Cuando estaba en el colegio odiaba a mis profesores, me caían mal en su mayoría, contaba los días para terminar el año y para graduarme. Tengo, por supuesto, mucha gratitud y lindos recuerdos de mis profesoras de inglés y mi profesora de biología. Terminé el colegio y lo último que pensé en ese entonces era en convertirme en docente, volver a las aulas y trabajar con chicos.
Dicen que la manzana no cae muy lejos del árbol, después de años de voluntariados, de participar activamente en la promoción de los derechos de los adolescentes, del cuidado del medio ambiente, la identidad cultural, la paz mundial; cuando terminé la carrera universitaria y me gradué de abogada, me descubrí considerando la posibilidad de volver a estudiar, cambiar de carrera y dedicar mi vida a la educación. La manzana no cayó muy lejos porque tengo tías y primos docentes, y obviamente la mejor maestra, mi madre (porque lo dicen sus alumnos, no porque sea mi mamá).
En este largo recorrido para formarme como profesora e investigadora educativa, un pequeño trayecto en realidad, debo confesar que mi primer posgrado me abrió los ojos, la mente y el corazón hacia la realidad del ser docente. Las clases me movían tantos recuerdos que salía llorando, recordando a profesores, aprendizajes, momentos de mi niñez y adolescencia. – Gracias a los buenos, los malos, a los que no me comprendieron, y a quienes me contuvieron, gracias a todos mis maestros-. Lo más relevante es que aprendí sobre la formación docente, el desarrollo profesional y lo crucial que es crear políticas educativas enfocadas en ellos para la mejora de la calidad educativa y el desarrollo de los sistemas educativos a la par de la sociedad y el mercado.
Ser docente no es fácil, es una profesión que te reta día a día; te sientes incomprendido a veces por tus alumnos, muchas veces por los padres y en la mayoría de veces por las autoridades educativas, hasta que un estudiante demuestra que ha comprendido o hace algo por sí solo después de varios intentos, se llena el corazón y te da fuerza para volver a intentar.
Ser docente es ver el futuro de tus estudiantes sin importar en qué contexto te desarrolles; la universidad o el instituto donde te hayas formado no te enseñan eso es algo que adquieres en la práctica, lo sientes. El profesor guía, espera, escucha y piensa en cómo transformar el presente desesperanzador de un estudiante. Hay muchos días malos, imperfectos, que no se acaban nunca; son muchos más los días buenos, la retroalimentación positiva de los chicos y el impacto que causa un docente en el día a día.

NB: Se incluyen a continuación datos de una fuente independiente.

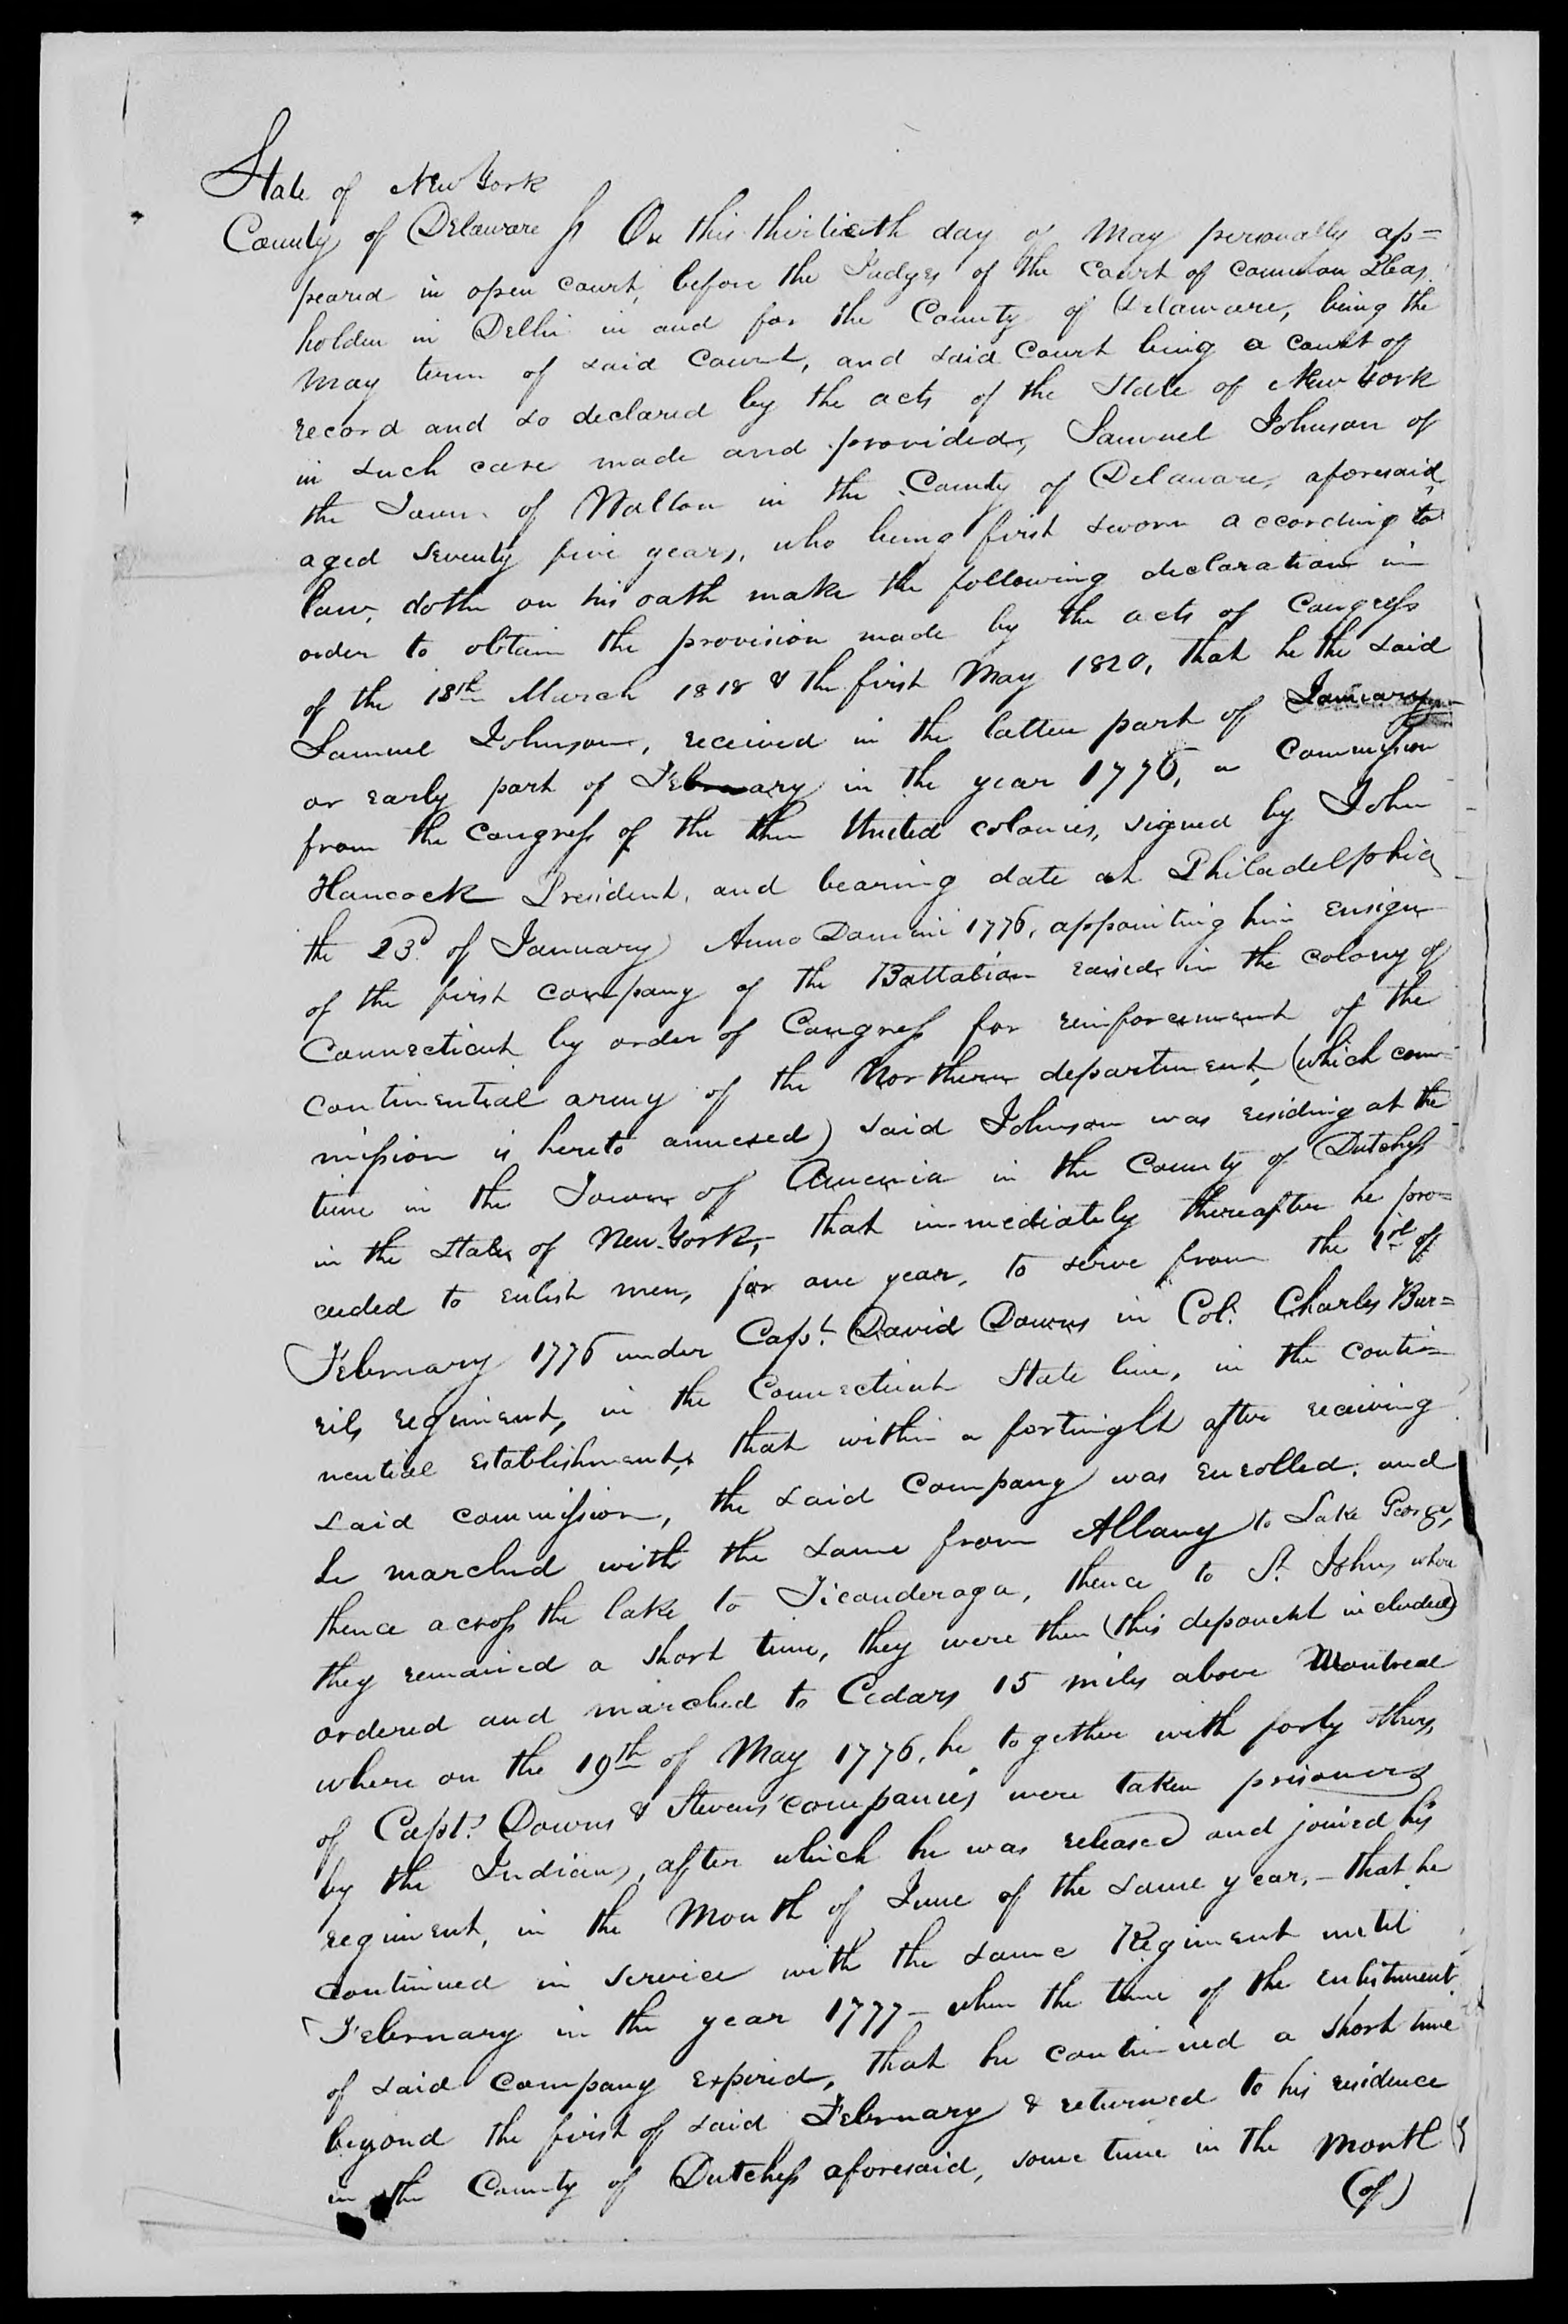State of New York County of Delaware ss

On this thirtieth day of May personally appeared in open court, before the Judge of the Court of Common Pleas holden in Delhi in and for the County of Delaware, being the May term of said Court, and said Court being a Court of record and so declared by the acts of the State of New York in such case made and provided, Samuel Johnson of the Town of Walton in the Couty of Delaware, aforesaid aged seventy five years, who being first duly sworn according to law, doth on his oath make the following declaration in order to obtain the provision made by the acts of Congress of the 18th March 1818 & the first May 1820, that he the said Samuel Johnson, received in the latter part of January or early part of February in the year 1776, a commission from the Congress of the United colonies, signed by John Hancock President, and bearing date at Philadelphia the 23d of January Anno Domini 1776, appointing him Ensign of the first company of the Battalian raised in the colony of Connecticut by order of Congress for reinforcement of the Continental army of the Northern department (which commission is hereto annexed) said Johnson was residing at the time in the Town of Amenia in the County of Dutchess in the State of New York, that immediately thereafter he proceeded to enlist men, for one year, to serve from the 1st of February 1776 under Capt. David Downs in Col. Charles Burrils regiment, in the Connecticut State line, in the continental establishment that within a fortnight after receiving said commission, the said company was enrolled, and he marched with the same from Albany to Lake George, thence across the lake to Ticonderoga, thence to St. Johns, where they remained a short time, they were then (this deponent included) ordered and marched to Cedars, 15 miles above Montreal where on the 19th of May 1776, he together with forty three of Capt. Downs & Stevens companies were taken prisoners by the Indian, after which he was released and joined his regiment, in the month of June of the same year. - that he continued in service with the same regiment until February in the year 1777 - when the time of the enlistment of the said company expired. That he continued to his residence in the County of Dutchess aforesaid, some time in the month (of)

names: Samuel Johnson; John Hancock; David Downs
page: 8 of 43
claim: rejected
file: R. 5655, for Samuel Johnson, Connecticut

Me angustia cuando la sociedad se pone totalmente en contra de los docentes. No defiendo a los agresores, solo pienso que la furia e impotencia que sienten las familias y los ciudadanos cuando se conocen noticias de abuso y de agresiones por parte de los profesores debe limitarse a esos casos; que deben medirse las palabras y cuidar el lenguaje que se utiliza en estas discusiones. Valga la aclaración, mi intención no es atentar a su libertad de expresión, simplemente se trata de que es realmente importante no generalizar al hablar de los docentes porque la construcción de la autoridad pedagógica, así como el respeto hacia los docentes y la escuela se ven afectados. No todos pueden llevarse el título del villano de novela, los malos elementos existen, pero no son todos.
Y no, ser docente no es convertirme en el enemigo de mi adolescencia, por lo contrario, es la oportunidad de hacer y ser una mejor versión del adulto en las aulas, del profesor que enseña, evalúa y disciplina.